Exercise details:
Print the data exactly. Omit the pictures.

Records shown:
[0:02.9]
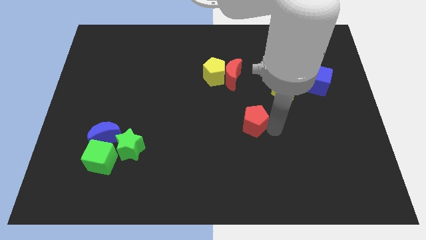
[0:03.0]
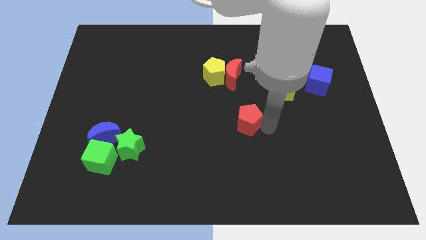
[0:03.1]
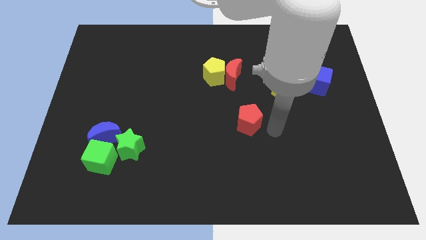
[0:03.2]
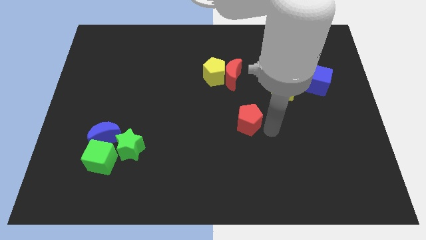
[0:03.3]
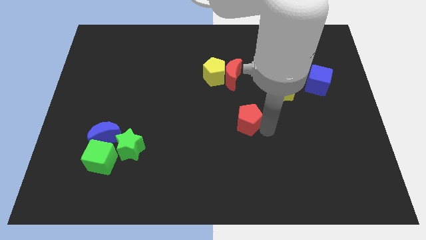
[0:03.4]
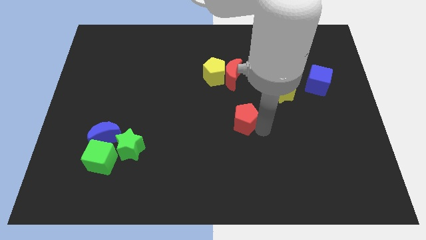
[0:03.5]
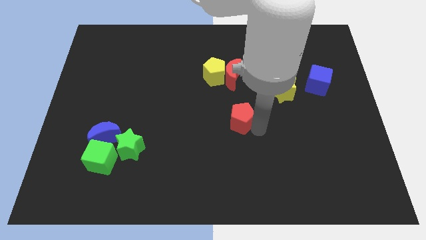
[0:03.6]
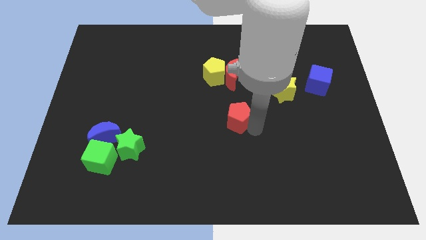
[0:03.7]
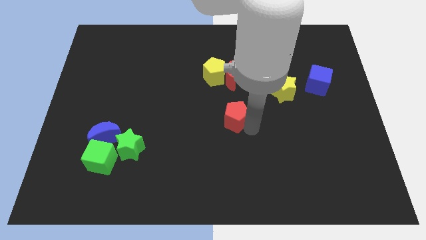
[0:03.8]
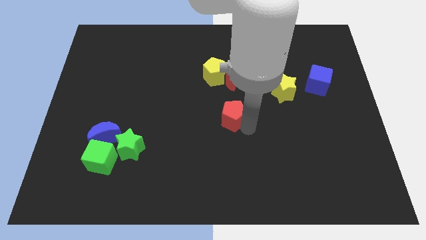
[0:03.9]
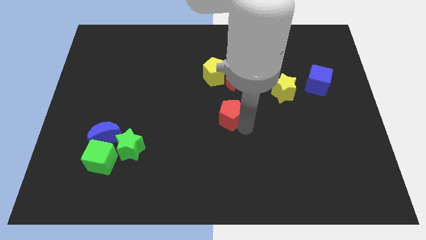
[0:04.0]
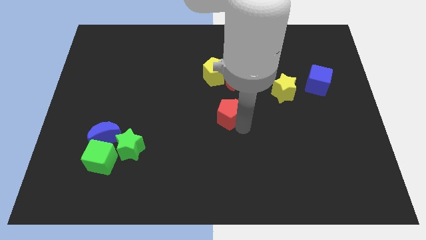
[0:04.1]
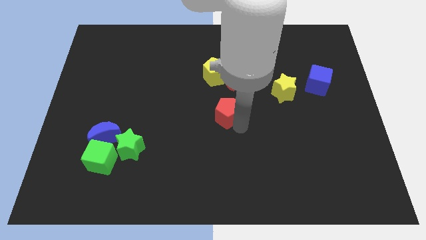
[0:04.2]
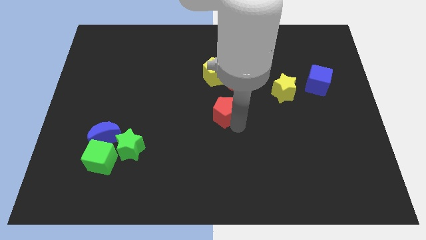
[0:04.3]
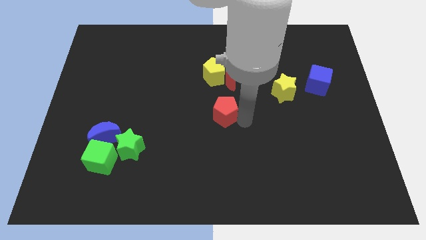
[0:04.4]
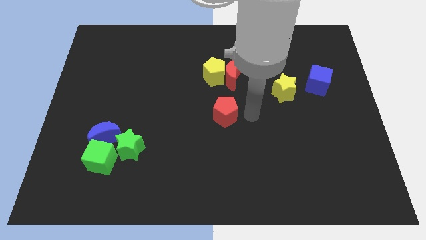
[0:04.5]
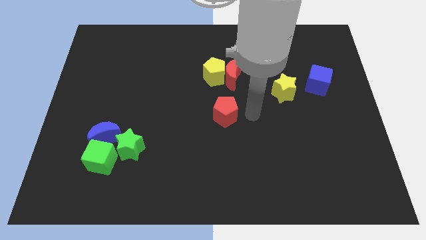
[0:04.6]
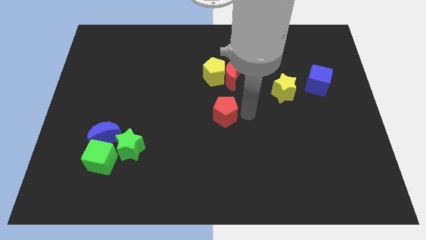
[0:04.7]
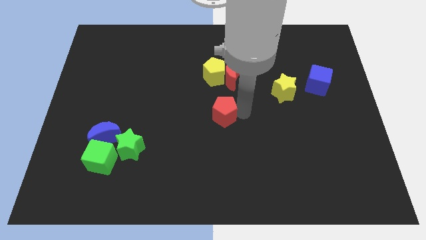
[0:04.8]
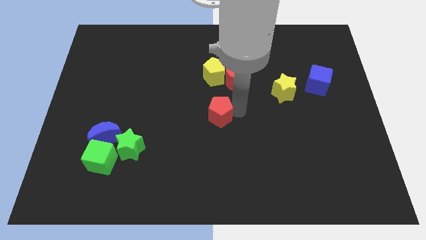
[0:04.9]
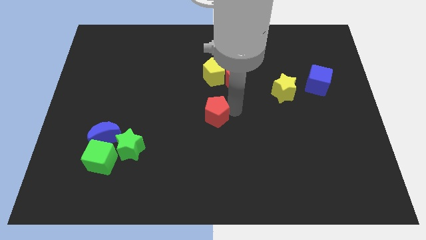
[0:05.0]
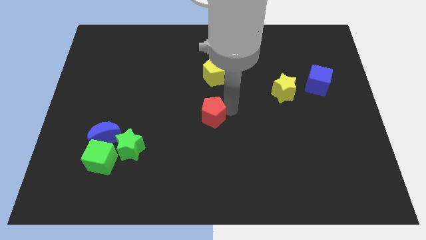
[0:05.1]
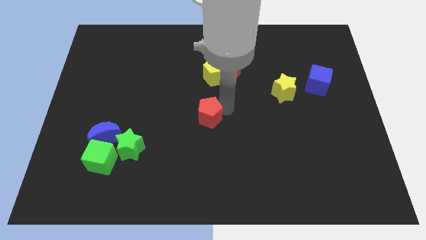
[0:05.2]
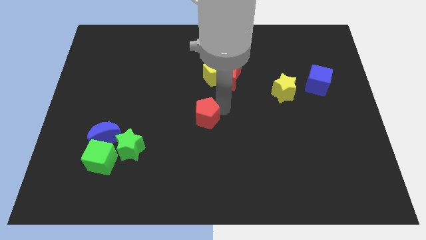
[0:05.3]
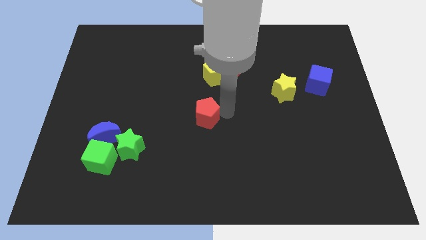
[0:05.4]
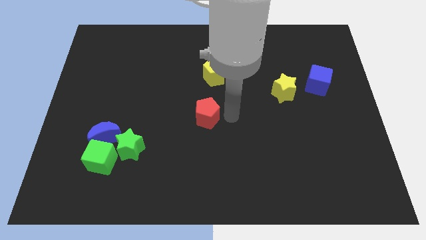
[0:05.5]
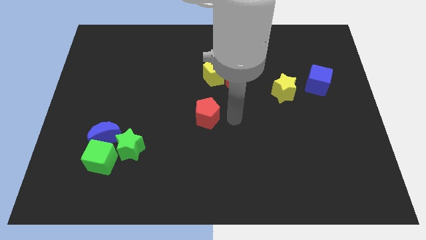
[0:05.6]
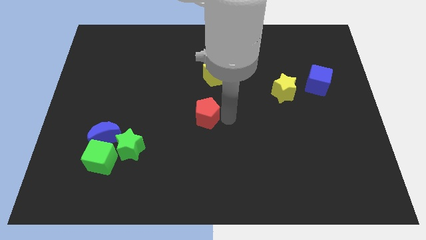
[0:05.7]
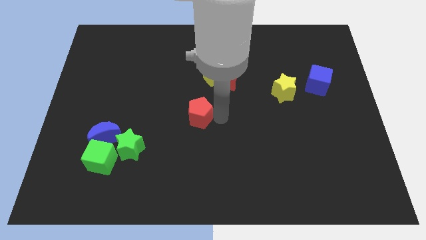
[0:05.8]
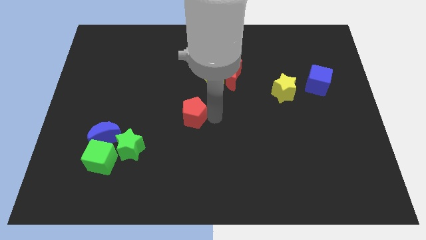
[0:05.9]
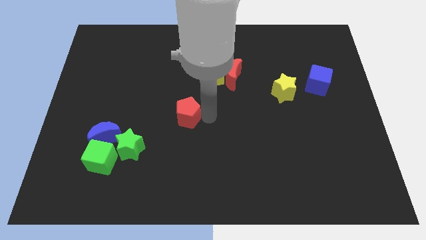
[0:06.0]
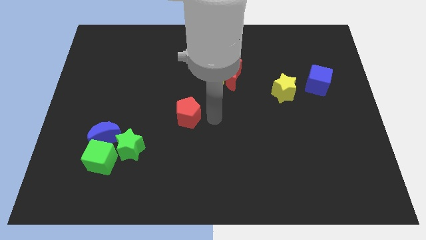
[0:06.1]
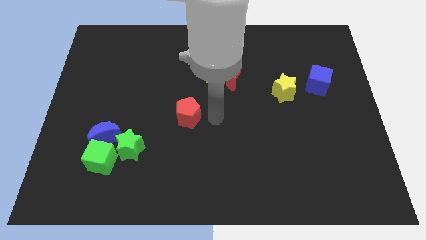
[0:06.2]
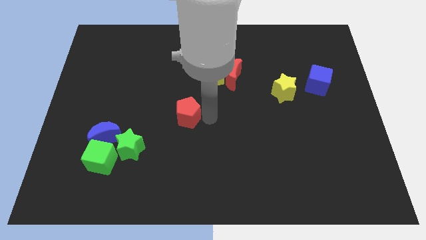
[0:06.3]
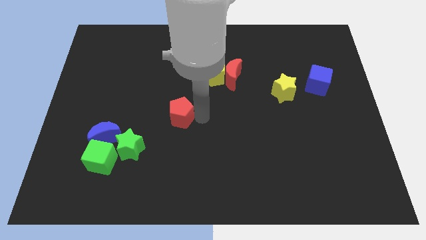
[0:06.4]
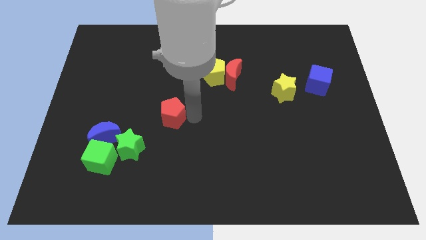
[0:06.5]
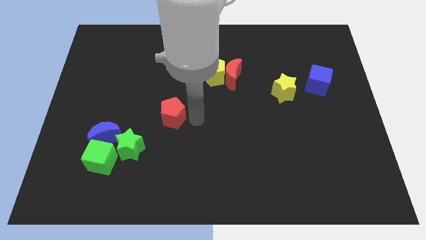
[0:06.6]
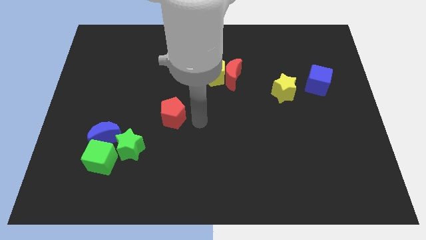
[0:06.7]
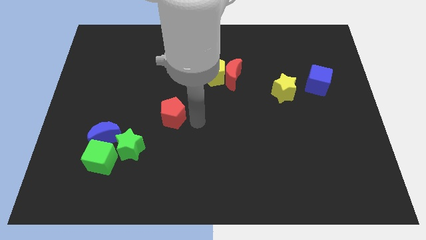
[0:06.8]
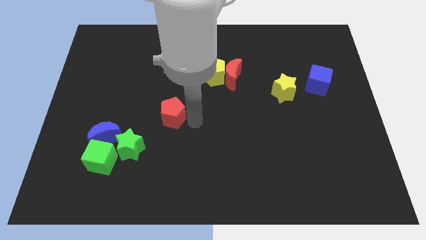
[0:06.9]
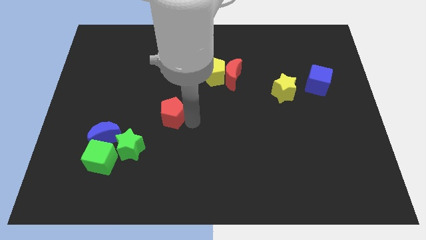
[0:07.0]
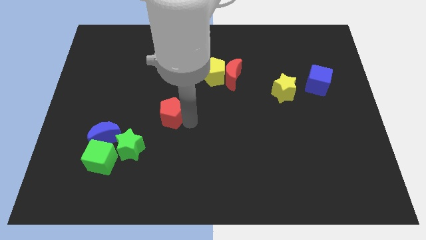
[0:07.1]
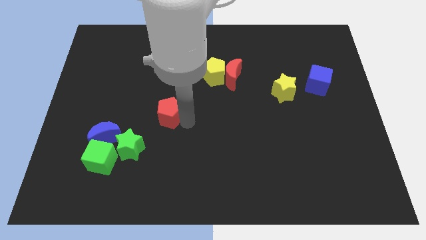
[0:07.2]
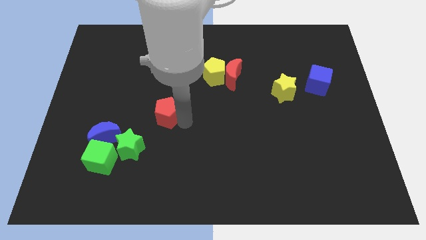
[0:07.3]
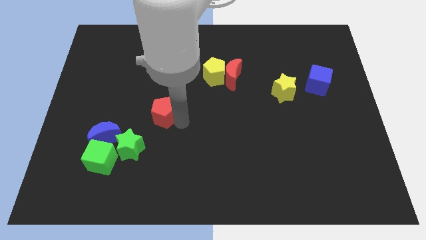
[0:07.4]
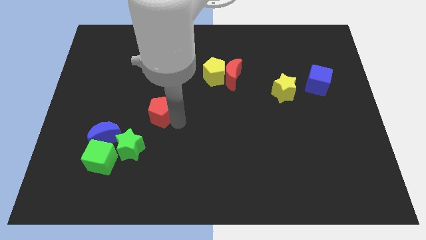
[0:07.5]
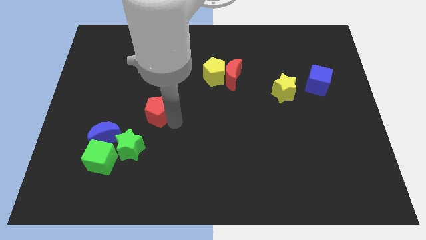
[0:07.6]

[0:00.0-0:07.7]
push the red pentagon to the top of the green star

Expected output:
[0:02.9]
[0:03.0]
[0:03.1]
[0:03.2]
[0:03.3]
[0:03.4]
[0:03.5]
[0:03.6]
[0:03.7]
[0:03.8]
[0:03.9]
[0:04.0]
[0:04.1]
[0:04.2]
[0:04.3]
[0:04.4]
[0:04.5]
[0:04.6]
[0:04.7]
[0:04.8]
[0:04.9]
[0:05.0]
[0:05.1]
[0:05.2]
[0:05.3]
[0:05.4]
[0:05.5]
[0:05.6]
[0:05.7]
[0:05.8]
[0:05.9]
[0:06.0]
[0:06.1]
[0:06.2]
[0:06.3]
[0:06.4]
[0:06.5]
[0:06.6]
[0:06.7]
[0:06.8]
[0:06.9]
[0:07.0]
[0:07.1]
[0:07.2]
[0:07.3]
[0:07.4]
[0:07.5]
[0:07.6]

[0:00.0-0:07.7]
push the red pentagon to the top of the green star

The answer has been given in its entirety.